_Exercise goal_. Return the entries in their entirety, precisely as given.
Dataset records: Begin
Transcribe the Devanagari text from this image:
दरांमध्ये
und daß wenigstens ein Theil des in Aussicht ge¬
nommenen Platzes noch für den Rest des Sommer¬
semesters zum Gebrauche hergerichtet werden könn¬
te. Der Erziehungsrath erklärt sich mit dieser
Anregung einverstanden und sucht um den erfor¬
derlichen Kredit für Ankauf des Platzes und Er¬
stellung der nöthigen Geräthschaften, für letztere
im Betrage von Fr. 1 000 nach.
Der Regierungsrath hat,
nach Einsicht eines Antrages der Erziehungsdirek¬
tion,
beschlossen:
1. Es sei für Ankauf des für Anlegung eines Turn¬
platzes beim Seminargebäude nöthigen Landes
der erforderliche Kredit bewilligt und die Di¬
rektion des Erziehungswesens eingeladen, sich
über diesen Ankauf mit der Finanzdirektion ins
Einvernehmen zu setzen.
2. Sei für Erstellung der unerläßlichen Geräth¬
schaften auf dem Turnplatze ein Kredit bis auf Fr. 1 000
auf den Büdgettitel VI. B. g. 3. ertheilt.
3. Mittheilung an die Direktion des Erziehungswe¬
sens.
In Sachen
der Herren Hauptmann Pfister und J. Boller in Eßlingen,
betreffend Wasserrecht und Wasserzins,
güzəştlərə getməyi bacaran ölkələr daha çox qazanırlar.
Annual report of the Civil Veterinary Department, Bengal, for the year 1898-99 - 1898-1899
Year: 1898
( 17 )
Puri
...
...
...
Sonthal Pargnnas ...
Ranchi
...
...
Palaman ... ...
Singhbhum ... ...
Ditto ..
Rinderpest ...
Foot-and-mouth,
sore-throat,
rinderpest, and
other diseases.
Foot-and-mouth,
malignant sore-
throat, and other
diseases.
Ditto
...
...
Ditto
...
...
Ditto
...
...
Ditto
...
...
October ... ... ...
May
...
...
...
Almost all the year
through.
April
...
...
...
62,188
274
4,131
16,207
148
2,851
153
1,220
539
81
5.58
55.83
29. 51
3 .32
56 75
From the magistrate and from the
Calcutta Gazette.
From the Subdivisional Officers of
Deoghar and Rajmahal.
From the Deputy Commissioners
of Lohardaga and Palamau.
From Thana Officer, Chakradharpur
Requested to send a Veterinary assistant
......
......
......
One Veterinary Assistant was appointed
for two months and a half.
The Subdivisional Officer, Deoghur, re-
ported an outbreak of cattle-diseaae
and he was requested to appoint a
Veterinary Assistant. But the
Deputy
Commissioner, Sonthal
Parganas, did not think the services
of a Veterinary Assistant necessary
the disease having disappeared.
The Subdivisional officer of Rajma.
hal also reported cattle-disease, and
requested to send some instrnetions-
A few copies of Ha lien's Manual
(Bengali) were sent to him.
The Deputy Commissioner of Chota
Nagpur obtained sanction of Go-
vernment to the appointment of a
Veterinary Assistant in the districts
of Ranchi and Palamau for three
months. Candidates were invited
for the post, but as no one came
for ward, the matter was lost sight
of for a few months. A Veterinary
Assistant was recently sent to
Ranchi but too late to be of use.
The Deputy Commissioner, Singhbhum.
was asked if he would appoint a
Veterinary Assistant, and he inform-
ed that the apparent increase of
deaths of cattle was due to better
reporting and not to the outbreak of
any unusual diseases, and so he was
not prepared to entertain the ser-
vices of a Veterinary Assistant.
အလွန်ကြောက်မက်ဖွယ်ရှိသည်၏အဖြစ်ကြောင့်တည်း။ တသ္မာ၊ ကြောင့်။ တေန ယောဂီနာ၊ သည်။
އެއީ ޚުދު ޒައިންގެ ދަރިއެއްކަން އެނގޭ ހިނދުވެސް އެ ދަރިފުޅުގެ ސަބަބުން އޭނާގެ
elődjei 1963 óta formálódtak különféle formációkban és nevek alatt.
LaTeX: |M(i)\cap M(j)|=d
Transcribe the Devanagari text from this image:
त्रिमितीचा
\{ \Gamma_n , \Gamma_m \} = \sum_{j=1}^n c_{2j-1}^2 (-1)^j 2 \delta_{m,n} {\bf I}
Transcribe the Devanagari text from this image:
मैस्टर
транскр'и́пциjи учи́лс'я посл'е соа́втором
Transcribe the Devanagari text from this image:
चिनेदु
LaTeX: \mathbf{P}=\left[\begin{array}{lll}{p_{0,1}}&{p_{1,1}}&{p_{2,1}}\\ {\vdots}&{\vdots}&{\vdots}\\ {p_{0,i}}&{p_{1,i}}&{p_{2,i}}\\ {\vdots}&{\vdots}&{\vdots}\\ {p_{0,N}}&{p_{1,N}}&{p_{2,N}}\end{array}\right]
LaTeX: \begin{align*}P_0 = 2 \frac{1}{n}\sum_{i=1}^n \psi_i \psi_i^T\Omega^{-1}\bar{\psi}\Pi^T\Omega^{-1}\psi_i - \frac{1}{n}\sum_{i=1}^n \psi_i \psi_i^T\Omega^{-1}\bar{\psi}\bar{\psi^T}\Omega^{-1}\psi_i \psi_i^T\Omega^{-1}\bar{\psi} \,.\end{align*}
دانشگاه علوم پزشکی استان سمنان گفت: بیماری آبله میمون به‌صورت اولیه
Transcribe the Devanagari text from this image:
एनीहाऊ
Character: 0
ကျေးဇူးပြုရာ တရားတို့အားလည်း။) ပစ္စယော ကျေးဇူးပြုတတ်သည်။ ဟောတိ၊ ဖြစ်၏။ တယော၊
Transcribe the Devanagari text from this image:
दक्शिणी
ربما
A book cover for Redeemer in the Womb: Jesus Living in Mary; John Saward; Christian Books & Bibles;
Dataset records: End
_Answer_.
Transcribe the Devanagari text from this image:
दरांमध्ये
und daß wenigstens ein Theil des in Aussicht ge¬
nommenen Platzes noch für den Rest des Sommer¬
semesters zum Gebrauche hergerichtet werden könn¬
te. Der Erziehungsrath erklärt sich mit dieser
Anregung einverstanden und sucht um den erfor¬
derlichen Kredit für Ankauf des Platzes und Er¬
stellung der nöthigen Geräthschaften, für letztere
im Betrage von Fr. 1 000 nach.
Der Regierungsrath hat,
nach Einsicht eines Antrages der Erziehungsdirek¬
tion,
beschlossen:
1. Es sei für Ankauf des für Anlegung eines Turn¬
platzes beim Seminargebäude nöthigen Landes
der erforderliche Kredit bewilligt und die Di¬
rektion des Erziehungswesens eingeladen, sich
über diesen Ankauf mit der Finanzdirektion ins
Einvernehmen zu setzen.
2. Sei für Erstellung der unerläßlichen Geräth¬
schaften auf dem Turnplatze ein Kredit bis auf Fr. 1 000
auf den Büdgettitel VI. B. g. 3. ertheilt.
3. Mittheilung an die Direktion des Erziehungswe¬
sens.
In Sachen
der Herren Hauptmann Pfister und J. Boller in Eßlingen,
betreffend Wasserrecht und Wasserzins,
güzəştlərə getməyi bacaran ölkələr daha çox qazanırlar.
Annual report of the Civil Veterinary Department, Bengal, for the year 1898-99 - 1898-1899
Year: 1898
( 17 )
Puri
...
...
...
Sonthal Pargnnas ...
Ranchi
...
...
Palaman ... ...
Singhbhum ... ...
Ditto ..
Rinderpest ...
Foot-and-mouth,
sore-throat,
rinderpest, and
other diseases.
Foot-and-mouth,
malignant sore-
throat, and other
diseases.
Ditto
...
...
Ditto
...
...
Ditto
...
...
Ditto
...
...
October ... ... ...
May
...
...
...
Almost all the year
through.
April
...
...
...
62,188
274
4,131
16,207
148
2,851
153
1,220
539
81
5.58
55.83
29. 51
3 .32
56 75
From the magistrate and from the
Calcutta Gazette.
From the Subdivisional Officers of
Deoghar and Rajmahal.
From the Deputy Commissioners
of Lohardaga and Palamau.
From Thana Officer, Chakradharpur
Requested to send a Veterinary assistant
......
......
......
One Veterinary Assistant was appointed
for two months and a half.
The Subdivisional Officer, Deoghur, re-
ported an outbreak of cattle-diseaae
and he was requested to appoint a
Veterinary Assistant. But the
Deputy
Commissioner, Sonthal
Parganas, did not think the services
of a Veterinary Assistant necessary
the disease having disappeared.
The Subdivisional officer of Rajma.
hal also reported cattle-disease, and
requested to send some instrnetions-
A few copies of Ha lien's Manual
(Bengali) were sent to him.
The Deputy Commissioner of Chota
Nagpur obtained sanction of Go-
vernment to the appointment of a
Veterinary Assistant in the districts
of Ranchi and Palamau for three
months. Candidates were invited
for the post, but as no one came
for ward, the matter was lost sight
of for a few months. A Veterinary
Assistant was recently sent to
Ranchi but too late to be of use.
The Deputy Commissioner, Singhbhum.
was asked if he would appoint a
Veterinary Assistant, and he inform-
ed that the apparent increase of
deaths of cattle was due to better
reporting and not to the outbreak of
any unusual diseases, and so he was
not prepared to entertain the ser-
vices of a Veterinary Assistant.
အလွန်ကြောက်မက်ဖွယ်ရှိသည်၏အဖြစ်ကြောင့်တည်း။ တသ္မာ၊ ကြောင့်။ တေန ယောဂီနာ၊ သည်။
އެއީ ޚުދު ޒައިންގެ ދަރިއެއްކަން އެނގޭ ހިނދުވެސް އެ ދަރިފުޅުގެ ސަބަބުން އޭނާގެ
elődjei 1963 óta formálódtak különféle formációkban és nevek alatt.
LaTeX: |M(i)\cap M(j)|=d
Transcribe the Devanagari text from this image:
त्रिमितीचा
\{ \Gamma_n , \Gamma_m \} = \sum_{j=1}^n c_{2j-1}^2 (-1)^j 2 \delta_{m,n} {\bf I}
Transcribe the Devanagari text from this image:
मैस्टर
транскр'и́пциjи учи́лс'я посл'е соа́втором
Transcribe the Devanagari text from this image:
चिनेदु
LaTeX: \mathbf{P}=\left[\begin{array}{lll}{p_{0,1}}&{p_{1,1}}&{p_{2,1}}\\ {\vdots}&{\vdots}&{\vdots}\\ {p_{0,i}}&{p_{1,i}}&{p_{2,i}}\\ {\vdots}&{\vdots}&{\vdots}\\ {p_{0,N}}&{p_{1,N}}&{p_{2,N}}\end{array}\right]
LaTeX: \begin{align*}P_0 = 2 \frac{1}{n}\sum_{i=1}^n \psi_i \psi_i^T\Omega^{-1}\bar{\psi}\Pi^T\Omega^{-1}\psi_i - \frac{1}{n}\sum_{i=1}^n \psi_i \psi_i^T\Omega^{-1}\bar{\psi}\bar{\psi^T}\Omega^{-1}\psi_i \psi_i^T\Omega^{-1}\bar{\psi} \,.\end{align*}
دانشگاه علوم پزشکی استان سمنان گفت: بیماری آبله میمون به‌صورت اولیه
Transcribe the Devanagari text from this image:
एनीहाऊ
Character: 0
ကျေးဇူးပြုရာ တရားတို့အားလည်း။) ပစ္စယော ကျေးဇူးပြုတတ်သည်။ ဟောတိ၊ ဖြစ်၏။ တယော၊
Transcribe the Devanagari text from this image:
दक्शिणी
ربما
A book cover for Redeemer in the Womb: Jesus Living in Mary; John Saward; Christian Books & Bibles;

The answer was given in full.